§ Available records
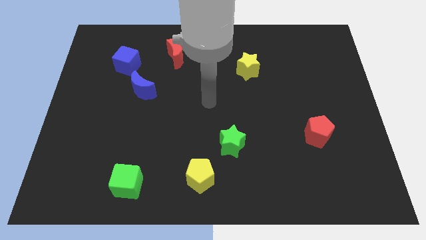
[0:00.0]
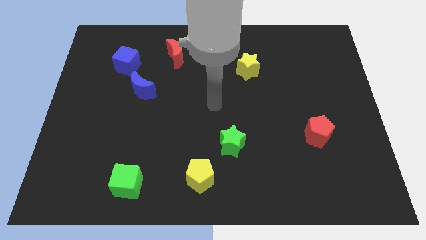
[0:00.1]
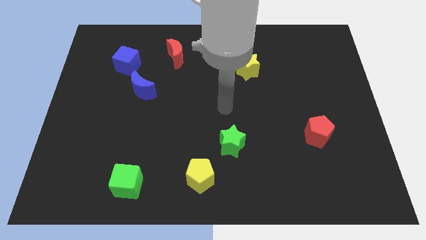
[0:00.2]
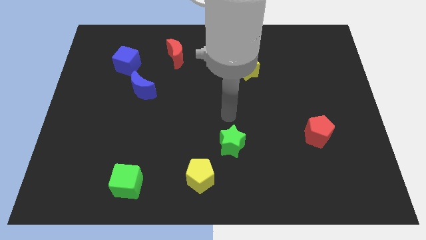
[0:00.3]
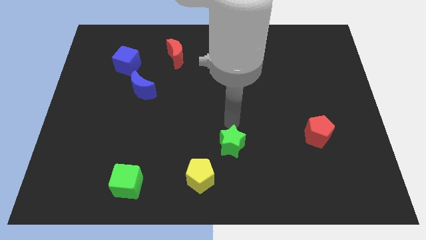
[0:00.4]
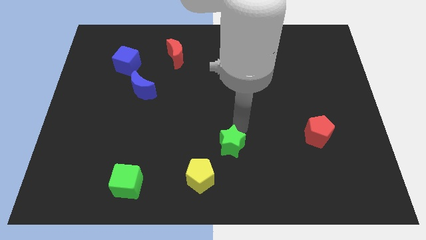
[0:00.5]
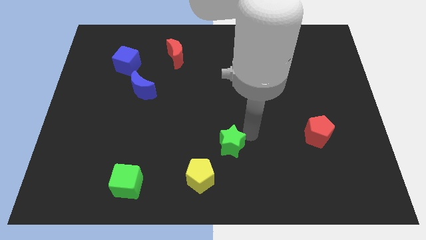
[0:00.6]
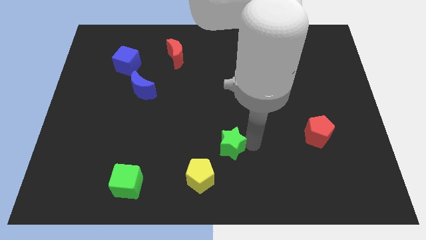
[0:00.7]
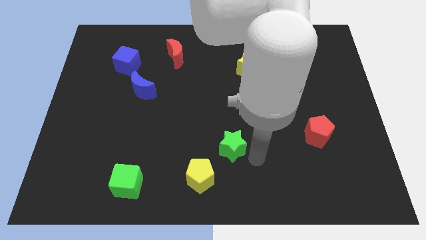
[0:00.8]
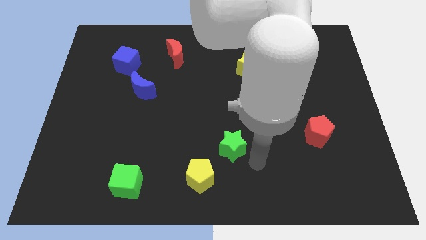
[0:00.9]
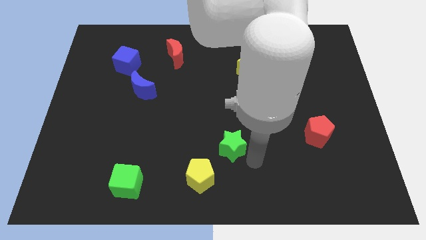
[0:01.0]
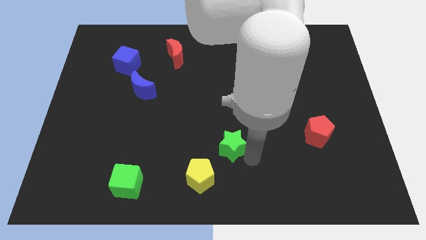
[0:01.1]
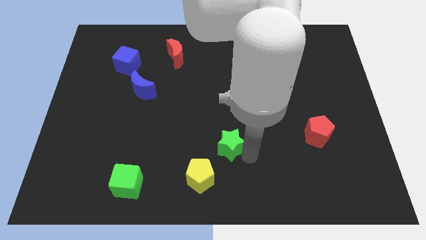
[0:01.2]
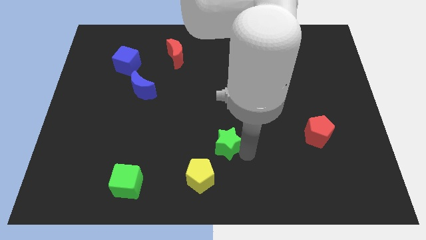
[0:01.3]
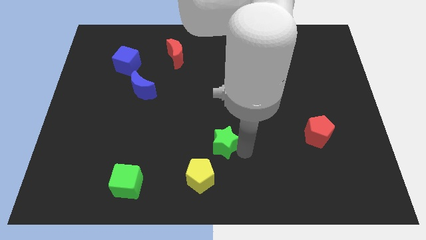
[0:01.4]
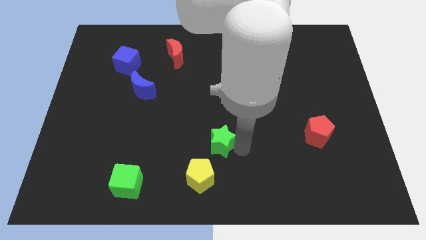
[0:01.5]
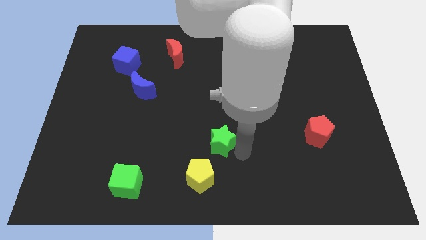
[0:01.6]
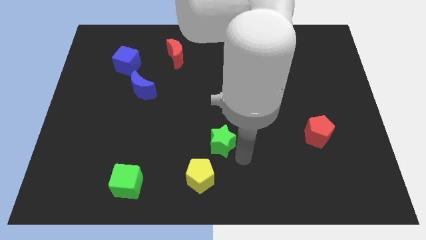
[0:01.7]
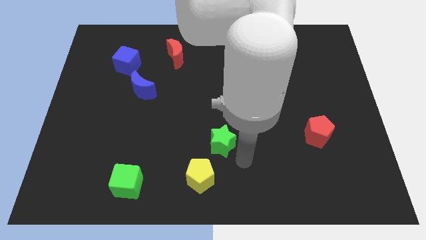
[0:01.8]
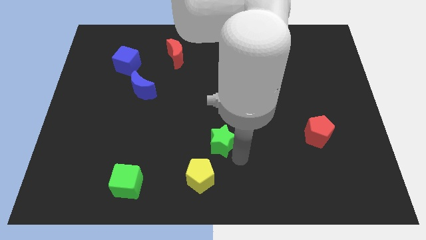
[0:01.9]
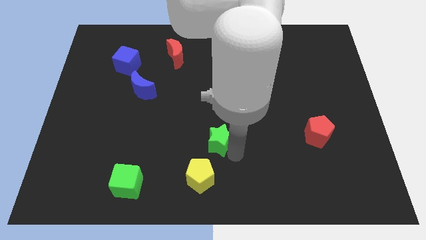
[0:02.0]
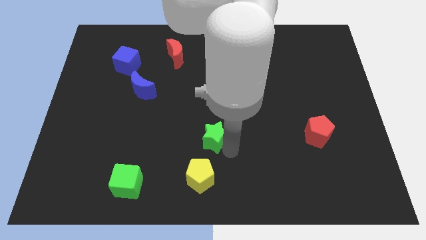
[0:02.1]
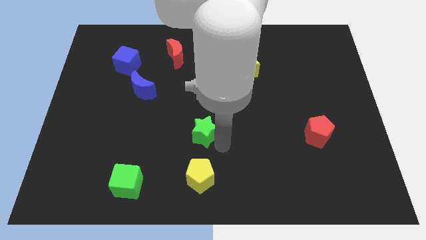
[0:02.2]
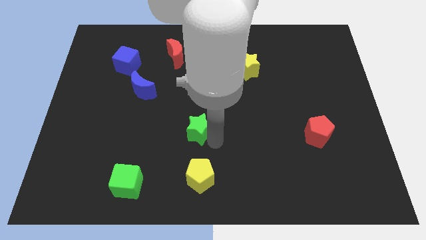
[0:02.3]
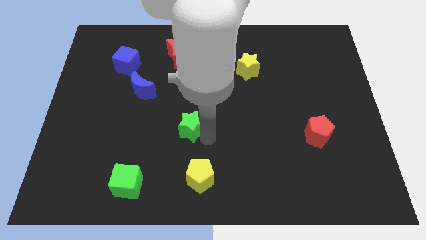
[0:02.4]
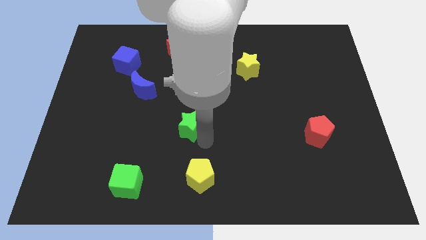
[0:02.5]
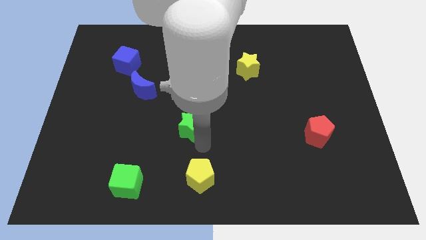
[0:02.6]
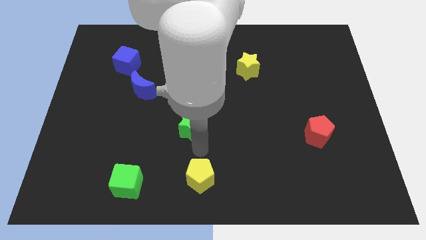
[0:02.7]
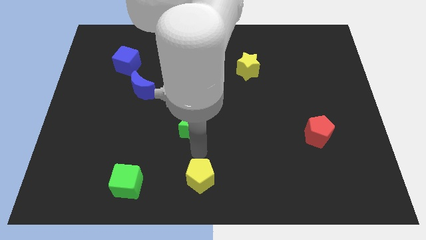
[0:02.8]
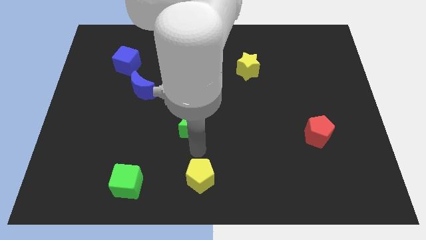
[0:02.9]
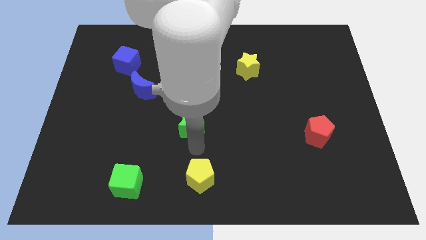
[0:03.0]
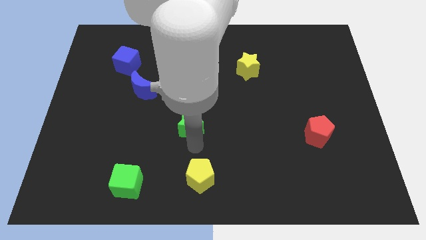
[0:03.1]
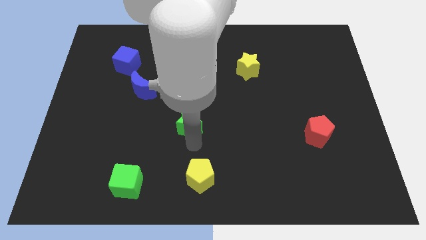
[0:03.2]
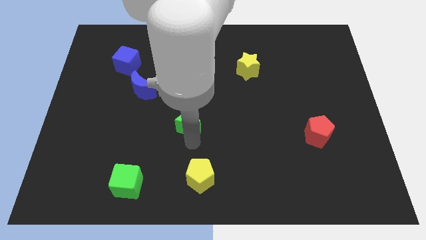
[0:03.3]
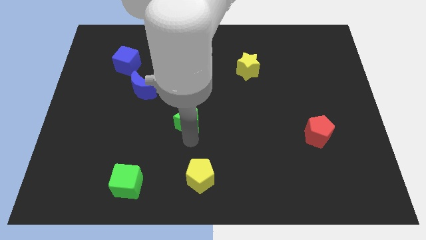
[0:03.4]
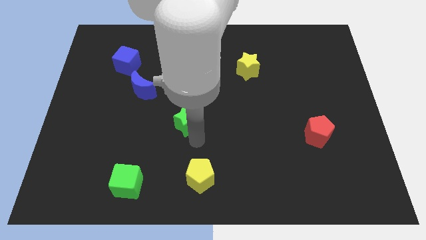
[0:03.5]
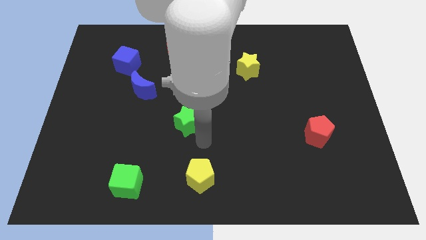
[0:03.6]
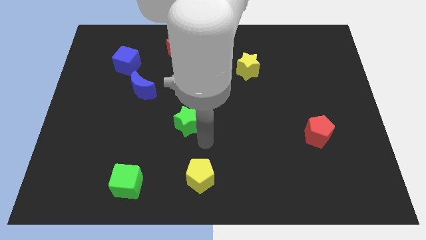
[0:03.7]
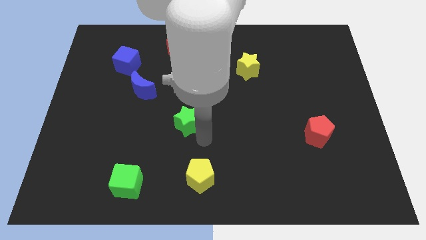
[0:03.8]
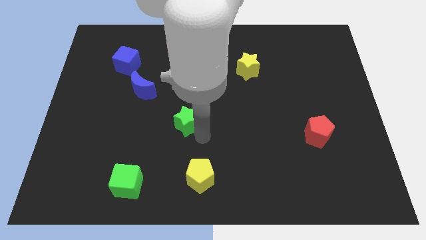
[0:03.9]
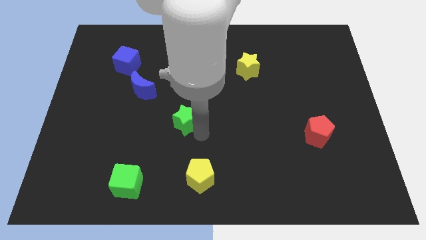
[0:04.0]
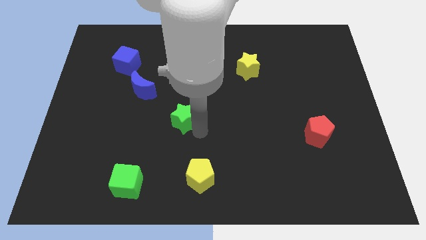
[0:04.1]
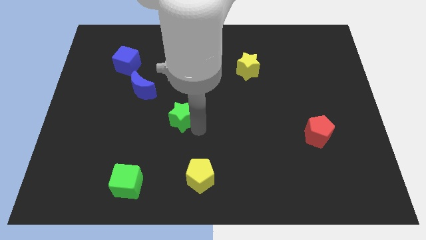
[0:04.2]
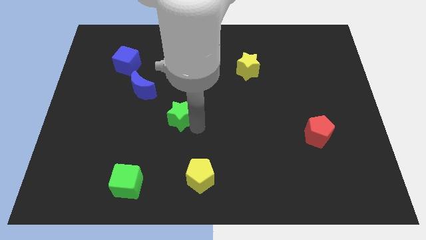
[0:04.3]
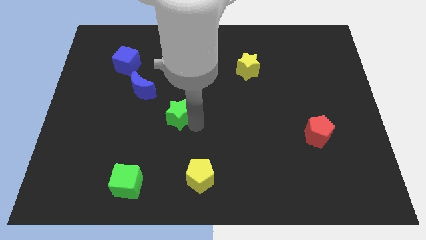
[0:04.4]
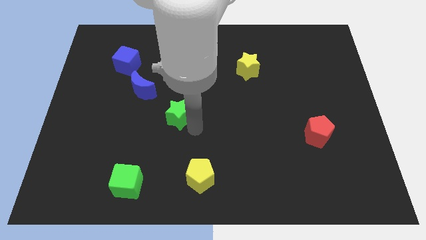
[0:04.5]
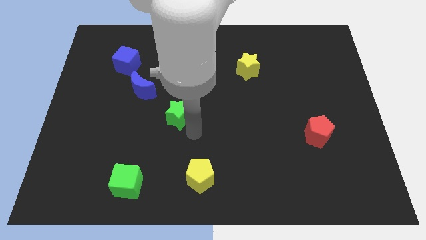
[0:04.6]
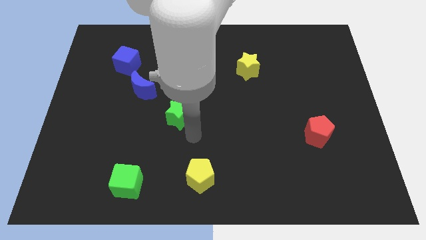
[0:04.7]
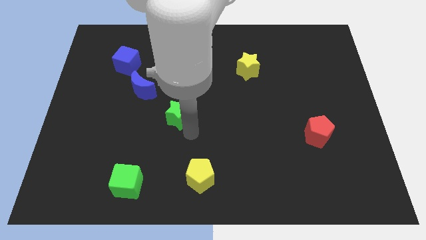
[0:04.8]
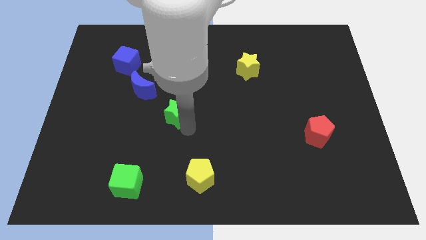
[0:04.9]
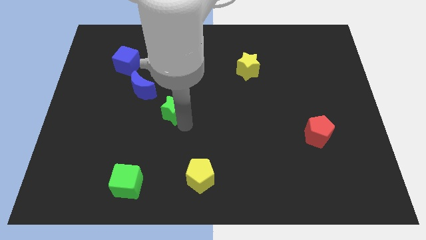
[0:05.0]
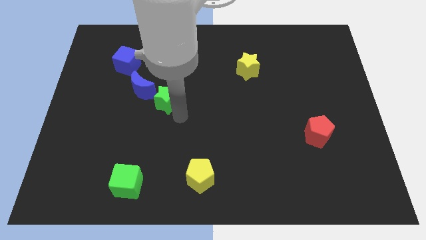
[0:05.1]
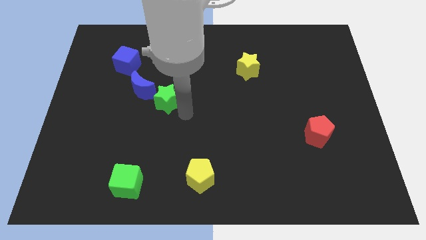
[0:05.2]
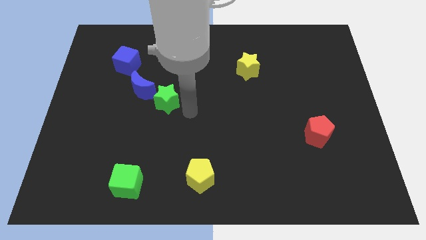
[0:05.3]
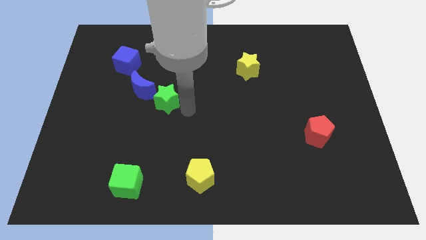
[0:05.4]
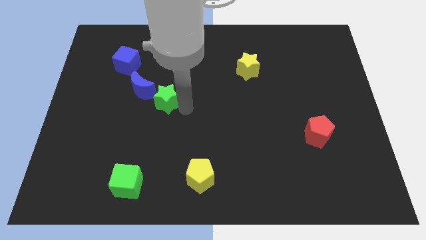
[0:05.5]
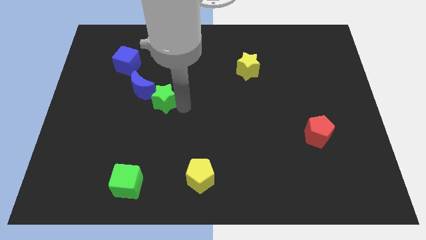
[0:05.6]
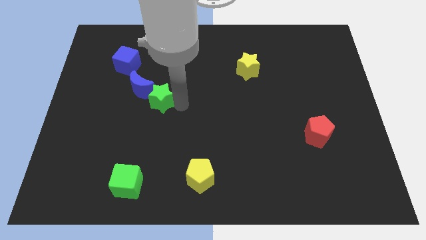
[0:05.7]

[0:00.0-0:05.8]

§ Exercise
In the copy, include no pictures, but repeat the listing exactly.

§ Expected answer
[0:00.0]
[0:00.1]
[0:00.2]
[0:00.3]
[0:00.4]
[0:00.5]
[0:00.6]
[0:00.7]
[0:00.8]
[0:00.9]
[0:01.0]
[0:01.1]
[0:01.2]
[0:01.3]
[0:01.4]
[0:01.5]
[0:01.6]
[0:01.7]
[0:01.8]
[0:01.9]
[0:02.0]
[0:02.1]
[0:02.2]
[0:02.3]
[0:02.4]
[0:02.5]
[0:02.6]
[0:02.7]
[0:02.8]
[0:02.9]
[0:03.0]
[0:03.1]
[0:03.2]
[0:03.3]
[0:03.4]
[0:03.5]
[0:03.6]
[0:03.7]
[0:03.8]
[0:03.9]
[0:04.0]
[0:04.1]
[0:04.2]
[0:04.3]
[0:04.4]
[0:04.5]
[0:04.6]
[0:04.7]
[0:04.8]
[0:04.9]
[0:05.0]
[0:05.1]
[0:05.2]
[0:05.3]
[0:05.4]
[0:05.5]
[0:05.6]
[0:05.7]

[0:00.0-0:05.8]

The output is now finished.